How new cancer drugs can skip randomized trials
“POSITIVE RESULTS”
It’s a problem that Merck and other companies developing new immunotherapy drugs will have to solve. The drugs, including Merck’s MK-3475 and Bristol-Myers’ nivolumab, help the immune system fight cancer cells by disabling a protein called “programmed death 1” or PD-1 that acts as a brake on the body’s ability to detect them.
Andrew Baum, an analyst at Citi, estimates treatments that coax the immune system to target cancer will become the backbone therapy for up to 60 percent of cancers over the next decade, generating $35 billion in annual sales.
Dr. Antoni Ribas at the University of California, Los Angeles says the immunotherapies are showing so much promise that they, like Zelboraf, raise doubts over whether randomized trials are needed. He believes they could be approved in the United States on the basis of a single-arm trial. Yet Merck has started enrolling patients in a study where patients will be randomized to get the new treatment or existing chemotherapy.
One patient who has already put himself forward for MK-3475 is Stew Scannell, 65, head of operations at global defense company Northrop Grumman in Oklahoma City. Scannell, who served a couple of tours in Vietnam and spent several years in various deserts testing helicopters, figures his melanoma may be the result of cumulative sun damage.
When his doctors were talking about buying him another couple of months, he decided to do his own research. He started MK-3475 shortly after his first meeting with Ribas, in April 2012.
Several of his tumors have disappeared. At his last scan in April, there was no sign of any tumor in his brain. In Merck’s trial, the most common side effects of the drug include fatigue, fevers, skin rash, loss of skin color and muscle weakness. But so far, Scannell has had none. “I really haven’t missed a step. I’ve continued working. The radiation was difficult. But the marvelous thing about the immunotherapy is no side effects. No lethargy. No loss of appetite. No anything.”
South African melanoma patient Christina Chrysostomou, 45, would be more than happy to see the end of randomized trials when a treatment has shown early promise.
After her cancer got worse on Bristol-Myers’ immunotherapy Yervoy, she and her husband and 8-year-old son headed for the United States in the hopes of trying one of the new anti-PD-1 drugs.

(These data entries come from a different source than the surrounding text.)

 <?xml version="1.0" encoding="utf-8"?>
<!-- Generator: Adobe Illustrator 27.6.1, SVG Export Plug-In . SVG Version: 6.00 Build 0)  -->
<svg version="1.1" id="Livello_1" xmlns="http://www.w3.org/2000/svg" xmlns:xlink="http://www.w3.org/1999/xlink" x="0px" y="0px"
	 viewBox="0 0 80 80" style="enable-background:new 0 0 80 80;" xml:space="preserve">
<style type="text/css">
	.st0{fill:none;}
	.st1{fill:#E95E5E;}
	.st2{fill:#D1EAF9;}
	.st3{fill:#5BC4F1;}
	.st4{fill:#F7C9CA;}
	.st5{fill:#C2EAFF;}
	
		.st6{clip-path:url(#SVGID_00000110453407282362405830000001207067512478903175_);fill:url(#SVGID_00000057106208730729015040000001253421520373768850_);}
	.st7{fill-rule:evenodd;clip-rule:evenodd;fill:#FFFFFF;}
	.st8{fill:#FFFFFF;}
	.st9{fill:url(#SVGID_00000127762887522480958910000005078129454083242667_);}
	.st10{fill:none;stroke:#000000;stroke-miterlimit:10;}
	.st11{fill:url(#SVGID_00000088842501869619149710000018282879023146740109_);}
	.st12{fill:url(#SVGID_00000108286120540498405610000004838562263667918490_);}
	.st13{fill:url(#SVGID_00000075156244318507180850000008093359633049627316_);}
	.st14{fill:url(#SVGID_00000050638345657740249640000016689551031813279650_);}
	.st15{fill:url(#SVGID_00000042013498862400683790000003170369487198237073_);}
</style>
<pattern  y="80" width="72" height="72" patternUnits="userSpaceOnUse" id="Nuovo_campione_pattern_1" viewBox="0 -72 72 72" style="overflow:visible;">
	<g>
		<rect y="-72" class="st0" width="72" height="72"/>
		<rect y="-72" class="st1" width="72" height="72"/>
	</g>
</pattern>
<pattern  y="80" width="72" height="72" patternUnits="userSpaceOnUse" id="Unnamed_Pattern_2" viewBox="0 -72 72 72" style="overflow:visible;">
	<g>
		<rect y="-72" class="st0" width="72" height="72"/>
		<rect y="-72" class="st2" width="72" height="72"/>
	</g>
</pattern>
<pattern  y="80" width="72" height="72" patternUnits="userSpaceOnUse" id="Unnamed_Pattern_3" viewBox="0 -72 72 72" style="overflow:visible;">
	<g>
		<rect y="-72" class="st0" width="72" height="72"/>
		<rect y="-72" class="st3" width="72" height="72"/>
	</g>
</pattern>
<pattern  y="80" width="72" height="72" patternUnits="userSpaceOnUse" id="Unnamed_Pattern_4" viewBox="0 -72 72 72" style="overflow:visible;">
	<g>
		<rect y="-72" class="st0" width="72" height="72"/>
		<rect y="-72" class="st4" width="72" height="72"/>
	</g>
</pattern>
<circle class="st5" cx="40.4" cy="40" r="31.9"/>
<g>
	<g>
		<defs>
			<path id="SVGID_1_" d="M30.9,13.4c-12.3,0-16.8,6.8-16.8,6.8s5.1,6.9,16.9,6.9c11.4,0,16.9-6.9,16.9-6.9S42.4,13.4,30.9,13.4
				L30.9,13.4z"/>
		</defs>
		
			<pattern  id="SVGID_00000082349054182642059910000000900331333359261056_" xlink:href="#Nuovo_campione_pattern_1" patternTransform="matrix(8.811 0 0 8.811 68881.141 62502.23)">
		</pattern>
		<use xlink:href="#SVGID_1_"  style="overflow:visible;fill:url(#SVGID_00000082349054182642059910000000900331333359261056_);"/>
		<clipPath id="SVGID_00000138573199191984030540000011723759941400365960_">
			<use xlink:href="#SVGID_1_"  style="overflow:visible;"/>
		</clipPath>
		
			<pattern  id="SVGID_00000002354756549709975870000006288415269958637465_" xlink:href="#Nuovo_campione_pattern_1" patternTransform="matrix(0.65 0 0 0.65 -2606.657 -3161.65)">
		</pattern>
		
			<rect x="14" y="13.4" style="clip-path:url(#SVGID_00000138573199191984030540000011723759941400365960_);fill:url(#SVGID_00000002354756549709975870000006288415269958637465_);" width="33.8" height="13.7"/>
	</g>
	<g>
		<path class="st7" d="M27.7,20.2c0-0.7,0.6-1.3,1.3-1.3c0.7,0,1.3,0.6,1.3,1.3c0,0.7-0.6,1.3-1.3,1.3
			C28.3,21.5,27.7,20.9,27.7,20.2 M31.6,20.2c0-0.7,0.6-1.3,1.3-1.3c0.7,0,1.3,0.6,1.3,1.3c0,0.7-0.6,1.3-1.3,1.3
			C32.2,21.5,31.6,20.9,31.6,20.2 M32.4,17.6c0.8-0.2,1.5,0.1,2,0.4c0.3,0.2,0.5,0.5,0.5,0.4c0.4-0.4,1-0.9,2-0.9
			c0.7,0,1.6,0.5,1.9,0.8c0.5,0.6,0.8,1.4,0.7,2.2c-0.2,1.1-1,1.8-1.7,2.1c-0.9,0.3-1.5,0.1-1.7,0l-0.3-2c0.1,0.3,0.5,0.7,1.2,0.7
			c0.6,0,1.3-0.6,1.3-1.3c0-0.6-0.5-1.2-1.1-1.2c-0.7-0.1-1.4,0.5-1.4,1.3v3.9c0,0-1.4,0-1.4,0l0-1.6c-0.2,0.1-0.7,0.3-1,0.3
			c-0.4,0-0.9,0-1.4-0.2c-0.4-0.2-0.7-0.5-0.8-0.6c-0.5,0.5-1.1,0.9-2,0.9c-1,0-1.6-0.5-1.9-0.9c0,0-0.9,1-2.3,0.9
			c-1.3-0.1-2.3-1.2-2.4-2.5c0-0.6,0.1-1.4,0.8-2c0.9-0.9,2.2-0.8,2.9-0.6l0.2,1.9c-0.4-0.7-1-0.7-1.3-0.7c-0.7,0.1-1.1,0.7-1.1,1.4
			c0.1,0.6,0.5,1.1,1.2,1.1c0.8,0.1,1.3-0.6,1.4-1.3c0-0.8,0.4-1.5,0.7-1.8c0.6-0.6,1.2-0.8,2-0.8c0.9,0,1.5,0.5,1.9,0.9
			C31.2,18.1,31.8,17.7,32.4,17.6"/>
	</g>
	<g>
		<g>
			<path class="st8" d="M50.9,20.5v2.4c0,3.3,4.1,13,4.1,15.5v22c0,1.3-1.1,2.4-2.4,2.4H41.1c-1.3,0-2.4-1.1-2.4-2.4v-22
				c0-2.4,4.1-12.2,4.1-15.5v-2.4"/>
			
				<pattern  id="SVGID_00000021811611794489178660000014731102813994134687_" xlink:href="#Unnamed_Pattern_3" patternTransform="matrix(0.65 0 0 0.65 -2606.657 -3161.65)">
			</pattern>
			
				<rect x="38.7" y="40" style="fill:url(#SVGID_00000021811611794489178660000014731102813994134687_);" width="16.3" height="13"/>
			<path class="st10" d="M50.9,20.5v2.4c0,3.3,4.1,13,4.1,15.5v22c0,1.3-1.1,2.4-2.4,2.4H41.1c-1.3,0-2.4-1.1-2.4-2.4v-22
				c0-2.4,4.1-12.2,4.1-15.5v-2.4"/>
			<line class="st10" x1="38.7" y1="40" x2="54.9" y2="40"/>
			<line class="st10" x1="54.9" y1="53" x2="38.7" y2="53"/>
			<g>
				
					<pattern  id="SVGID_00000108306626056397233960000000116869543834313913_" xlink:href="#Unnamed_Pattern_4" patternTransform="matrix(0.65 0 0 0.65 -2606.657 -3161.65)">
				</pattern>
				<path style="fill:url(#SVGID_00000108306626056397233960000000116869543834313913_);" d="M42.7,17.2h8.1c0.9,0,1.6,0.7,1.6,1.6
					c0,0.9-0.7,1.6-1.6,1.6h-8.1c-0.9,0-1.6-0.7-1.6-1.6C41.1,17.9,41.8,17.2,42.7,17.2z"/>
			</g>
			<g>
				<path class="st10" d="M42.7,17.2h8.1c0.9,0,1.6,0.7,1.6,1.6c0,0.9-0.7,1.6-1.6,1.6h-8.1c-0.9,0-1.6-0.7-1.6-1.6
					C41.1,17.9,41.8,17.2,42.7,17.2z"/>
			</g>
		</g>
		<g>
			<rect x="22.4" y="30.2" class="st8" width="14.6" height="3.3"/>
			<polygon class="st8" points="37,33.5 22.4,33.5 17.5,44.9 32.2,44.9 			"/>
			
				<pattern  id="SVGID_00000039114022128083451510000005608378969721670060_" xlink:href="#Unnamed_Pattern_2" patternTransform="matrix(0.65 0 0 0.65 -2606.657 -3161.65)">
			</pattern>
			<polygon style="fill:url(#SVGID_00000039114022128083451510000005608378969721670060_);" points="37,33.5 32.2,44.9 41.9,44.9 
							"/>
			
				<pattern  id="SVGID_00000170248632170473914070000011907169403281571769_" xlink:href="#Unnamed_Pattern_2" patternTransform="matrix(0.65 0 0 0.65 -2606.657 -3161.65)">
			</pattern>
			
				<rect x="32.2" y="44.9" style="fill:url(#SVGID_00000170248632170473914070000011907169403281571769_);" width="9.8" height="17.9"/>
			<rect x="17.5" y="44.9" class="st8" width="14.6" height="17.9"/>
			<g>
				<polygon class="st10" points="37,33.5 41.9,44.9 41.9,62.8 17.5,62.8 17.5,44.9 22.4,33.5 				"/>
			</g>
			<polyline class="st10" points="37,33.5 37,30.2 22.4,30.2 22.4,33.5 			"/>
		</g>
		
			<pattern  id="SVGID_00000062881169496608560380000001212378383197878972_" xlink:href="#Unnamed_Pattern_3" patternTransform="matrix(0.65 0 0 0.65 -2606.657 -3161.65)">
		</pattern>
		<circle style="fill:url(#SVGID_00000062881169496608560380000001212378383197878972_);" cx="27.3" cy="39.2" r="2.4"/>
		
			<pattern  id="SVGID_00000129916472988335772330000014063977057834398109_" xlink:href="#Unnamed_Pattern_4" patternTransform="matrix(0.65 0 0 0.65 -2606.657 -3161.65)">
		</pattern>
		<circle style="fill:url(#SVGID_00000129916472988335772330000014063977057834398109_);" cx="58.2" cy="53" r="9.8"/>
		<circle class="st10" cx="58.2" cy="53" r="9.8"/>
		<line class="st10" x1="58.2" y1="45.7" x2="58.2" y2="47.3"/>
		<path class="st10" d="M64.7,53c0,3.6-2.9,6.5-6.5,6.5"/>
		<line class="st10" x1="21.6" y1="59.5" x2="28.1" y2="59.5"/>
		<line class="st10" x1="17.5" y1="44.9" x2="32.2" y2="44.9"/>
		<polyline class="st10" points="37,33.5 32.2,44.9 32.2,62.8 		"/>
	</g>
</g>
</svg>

But when she arrived in late June, Merck’s Phase I trial had closed, and she was told she would have to take her chances in a randomized test. Luckily for her, a spot opened up in a non-randomized Phase I study and she is now getting MK-3475 - but she feels for others less fortunate.
“It’s really hard knowing there is something out there that could possibly help and having to go through a gamble and maybe not even get that,” she said.
(Edited by Sara Ledwith, Richard Woods and Simon Robinson)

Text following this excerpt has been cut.